The food, pharmaceutical, and materials science industries, among others, analyze different particle sizes during their research and manufacturing processes. This essential step can be conducted with the help of the right equipment. One must consider the samples, particle dimensions, and test scope. Some popular options or techniques are:
- Dynamic light scattering (DLS)
- Static light scattering (SLS)
- Direct image analysis
- Laser diffraction
- The contribution of different methods in particle size analysis
Each of these methods differently contributes to the ultimate goal. However, choosing the proper technique is crucial. For example, sieve analysis is an old method that uses different mesh-sized sieves to separate a sample by particle size. It continues until the smallest mesh size is reached. You can use sieves and sieve shakers to analyze particle sizes ranging from 20 μm to 125 mm. Agriculture, mining, and construction sectors rely on this system.
The laser diffraction method includes tracking the scattered laser beam patterns through the distributed particle sample to estimate the particle size. These analyzers can calculate the size of particles from 0.1 μm to 3 mm. Cosmetic, food, and pharma industries use them for emulsions and powdery materials. However, advanced techniques like DLS monitor the fluctuating strength of the scattered light produced by Brownian motion in suspended particles. These fluctuations help estimate the distribution of particle sizes. A unique type of dynamic light scattering instrument is used for this. You can refer to them as DLS analyzers. If you pick the right equipment, you can measure particles from 1nm to 10μm. This technique can analyze suspended particles like proteins, nanoparticles, and more. Let’s learn more about this widely used process.
- Overview of dynamic light scattering
DLS instruments can track the particles’ Brownian motion. This scientific concept reveals that tiny particles will rush while the bigger ones glide slowly in a liquid. When light is scattered or diffused by particles, you get information about dispersion speed and the size distribution. As hinted earlier, you can use this method to examine and characterize highly concentrated or diluted nanoparticles. You can also learn about molecular concentration and weight that can change the particles’ behavior in a solution.
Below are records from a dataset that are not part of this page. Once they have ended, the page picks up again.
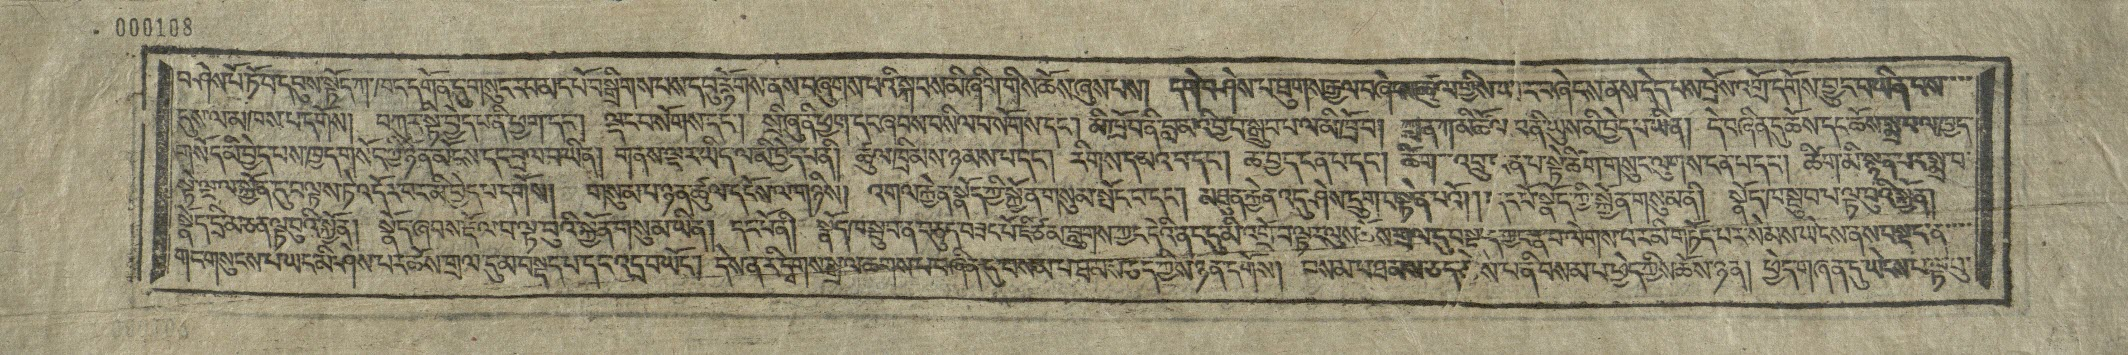བཤེས་པོ་ཏོ་བ་དབུས་སྟོད་ཀ་ཁང་དགོན་དུ་གསུང་རབ་མང་པོ་བསྒྲིགས་པས་དབུ་རྙོགས་ནས་བཞུགས་པའི་སྐབས་མི་ཞིག་གིས་ཆོས་ཞུས་པས། དགེ་བཤེས་པ་ཐུགས་རྒྱལ་བཞེངས་ཚུལ་གྱིས་ཡར་བཞེངས་ནས་དེད་པས་བྲོས་འགྲོ་དགོས་བྱུང་བ་ཡིན་པས་
དུས་ལ་མཁས་པ་དགོས། བཀུར་སྟི་བྱེད་པ་ནི་ཕྱག་དང་། ལྡང་བ་སོགས་དང་། སྲི་ཞུ་ནི་ཕྱག་དང་ཞབས་བསིལ་བ་སོགས་དང་། མི་ཁྲོ་བ་ནི་བླ་མའི་བྱ་བ་སྒྲུབ་པ་ལ་མི་ཁྲོ་བ། ཀླན་ཀ་མི་ཚོལ་བ་ནི་ཡུས་མི་བྱེད་པ་ཡིན། དེ་བཞིན་དུ་ཆོས་དང་ཆོས་སྨྲ་བ་ལ་ཁྱད་
གསོད་མི་བྱེད་པས་ཁྱད་གསོད་ཀྱི་ཉོན་མོངས་དང་བྲལ་བ་ཡིན། གནས་ལྔར་ཡིད་ལ་མི་བྱེད་པ་ནི། ཚུལ་ཁྲིམས་ཉམས་པ་དང་། རིགས་དམའ་བ་དང་། ཆ་བྱད་ངན་པ་དང་། ཚིག་འབྲུ་ངན་པ་སྟེ་ཚིག་གསུང་ལུགས་ངན་པ་དང་། ཚིག་མི་སྙན་པར་སྨྲ་བ་
སྟེ་ལྔ་ལ་སྐྱོན་དུ་བལྟས་ཏེ་འདོར་བར་མི་བྱེད་པ་དགོས། གསུམ་པ་ཉན་ཚུལ་དངོས་ལ་གཉིས། འགལ་རྐྱེན་སྣོད་ཀྱི་སྐྱོན་གསུམ་སྤོང་བ་དང་། མཐུན་རྐྱེན་འདུ་ཤེས་དྲུག་བསྟེན་པའོ། །དང་པོ་སྣོད་ཀྱི་སྐྱོན་གསུམ་ནི། སྣོད་ཁ་སྦུབ་པ་ལྟ་བུའི་སྐྱོན།
སྣོད་དྲི་མ་ཅན་ལྟ་བུའི་སྐྱོན། སྣོད་ཞབས་རྡོལ་བ་ལྟ་བུའི་སྐྱོན་གསུམ་ཡིན། དང་པོ་ནི། སྣོད་ཁ་སྦུབ་ན་བཅུད་བཟང་པོ་ཇི་ཙམ་བླུགས་ཀྱང་དེའི་ནང་དུ་མི་འགྲོ་བ་ལྟར་ལུས་ཆོས་གྲལ་དུ་བསྡད་ཀྱང་རྣ་བ་ལེགས་པར་མི་གཏོད་པར་སེམས་ཡེངས་ནས་བསྡད་ན་
གང་གསུངས་པ་ཡང་མི་ཤེས་པར་ཆོས་གྲལ་དུ་མ་བསྡད་པ་དང་འདྲ་བ་ཡོང་། དེས་ན་རི་དྭགས་སྒྲ་ལ་ཆགས་པ་བཞིན་དུ་བསམ་པ་ཐམས་ཅད་ཀྱིས་ཉན་དགོས། བསམ་པ་ཐམས་ཅད་ཅེས་པ་ནི་བསམ་པ་ཕྱེད་ཀྱིས་ཆོས་ཉན། ཕྱེད་གཞན་དུ་ཡེངས་པ་ལྟ་བུ་

- A few technical details about DLS
The instrument used in this technique can record the optical scattering signal to measure the motion of the particles. Earlier models could capture this from a fixed angle. However, newer models are much more advanced. You can use them to track particle movement from various angles. It can enable you to simultaneously examine a sample’s large and small particles. It also increases the reliability of the results because the chances of going wrong with your analysis are slim. Do you work with complicated biological samples or polydisperse formulations? In that case, modern DLS instruments are worth considering.
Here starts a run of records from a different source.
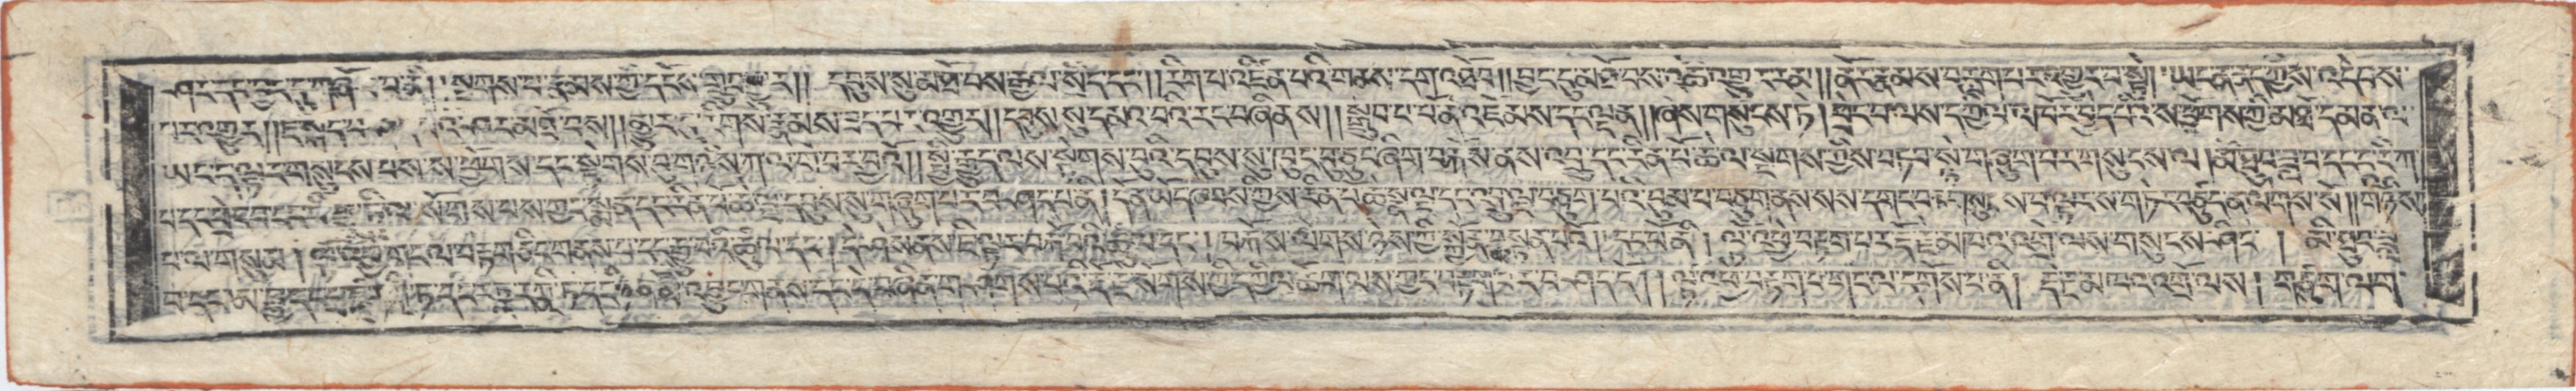ཤར་དང་བྱང་དུ་གཞོལ་བ་ནི། །སྔགས་པ་རྣམས་ཀྱི་དངོས་གྲུབ་གྱུར། །དབུས་སུ་མཐོ་བས་རྒྱལ་སྲིད་དང་། །རིག་པ་འཛིན་པའི་གནས་དག་འཐོབ། །བྱང་དུ་མཐོ་བས་འཚེ་འགྱུར་རམ། །ནོར་རྣམས་བརླག་པར་འགྱུར་བ་སྟེ། །ཡང་ན་ནད་ཀྱིས་འདེབས་
པར་འགྱུར། །ཇི་སྐད་བཤད་པའི་ཤར་མཐོ་བས། །མྱུར་དུ་རིགས་རྣམས་ཟད་པར་འགྱུར། །དབུས་སུ་དམའ་བའི་རང་བཞིན་ས། །སྒྲུབ་པ་པོ་ནི་འཇོམས་དང་ལྡན། །ཞེས་གསུངས་ཏེ། ཕྲེང་བ་ལས་དཀྱིལ་འཁོར་བྱེད་པའི་ས་ཕྱོགས་ཀྱི་མཐོ་དམན་ལ་
ཡང་དེ་ལྟར་གསུངས་པས་ས་ཕྱོགས་དང་སྟེགས་བུ་གཉིས་ཀ་ལ་གོ་བར་བྱའོ། །སྤྱི་རྒྱུད་ལས་སྟེགས་བུའི་དབུས་སུ་ཁུང་བུ་ཅུང་ཞིག་བརྐོས་ནས་འབྲུ་དང་རིན་པོ་ཆེ་ལ་སྔགས་ཀྱིས་བཏབ་སྙེ་གཞུག་པར་གསུངས་ལ། མི་ཐུབ་ཟླ་བ་དང་དཱ་རི་ཀ་
པ་དང་ཕྲེང་བ་དང་བི་བྷཱུ་ཏཱི་ལ་སོགས་པས་ཀྱང་སྨན་དང་རིན་པོ་ཆེ་ལྔ་དབུས་སུ་གཞུག་པར་བཤད་པ་ནི། དོན་ཡོད་ཞབས་ཀྱིས་རིན་པོ་ཆེ་སྣ་ལྔ་དང་འབྲུ་ལྔ་བཅུག་པའི་བུམ་པ་བཅུག་ནས་སས་དགང་བར་གསུངས་པ་ལྟར་ས་གཏེར་བཙུད་ན་ལེགས་སོ། །གཉིས་
པ་ལ་གསུམ། ལྟོ་འཕྱི་གང་ལ་བརྟག་ཅིང་གནས་པ་དང་རྒྱུ་བའི་ཚུལ་དང་། དེ་ཤེས་ནས་ཇི་ལྟར་བརྐོ་བའི་ཚུལ་དང་། བརྐོ་ས་ལེགས་ཉེས་ཀྱི་སྐྱོན་བསྟན་པའོ། །དང་པོ་ནི། ལྟོ་འཕྱེ་བརྟག་པར་རྡོ་རྗེ་མཁའ་འགྲོ་ལས་གསུངས་ཤིང་། མི་ཐུབ་ཟླ་
བ་དང་ཨ་བྷྱ་དང་པྲཛྙཱ་རཀྵི་ཏ་དང་རཏྣ་རཀྵི་ཏ་དང་ཉིན་མོ་འབྱུང་གནས་དང་དེ་བཞིན་གཤེགས་པའི་རྡོ་རྗེ་སོགས་ཀྱི་དཀྱིལ་ཆོག་ལས་ཀྱང་བརྟག་པར་བཤད་དོ། །ལྟོ་འཕྱེ་བརྟག་པ་གང་ལ་དགོས་པ་ནི། རྡོ་རྗེ་མཁའ་འགྲོ་ལས། གཙུག་ལག་

You can depend on DLS instruments to estimate the average particle size and size variation in suspended form. The results can be achieved faster without requiring much sample preparation. Since it’s also a non-invasive process, your samples will be protected. They will not undergo physical changes due to damage or disturbance. You cannot expect this with processes like electron microscopy. Nevertheless, choose your equipment wisely. The manufacturing company should be well-established.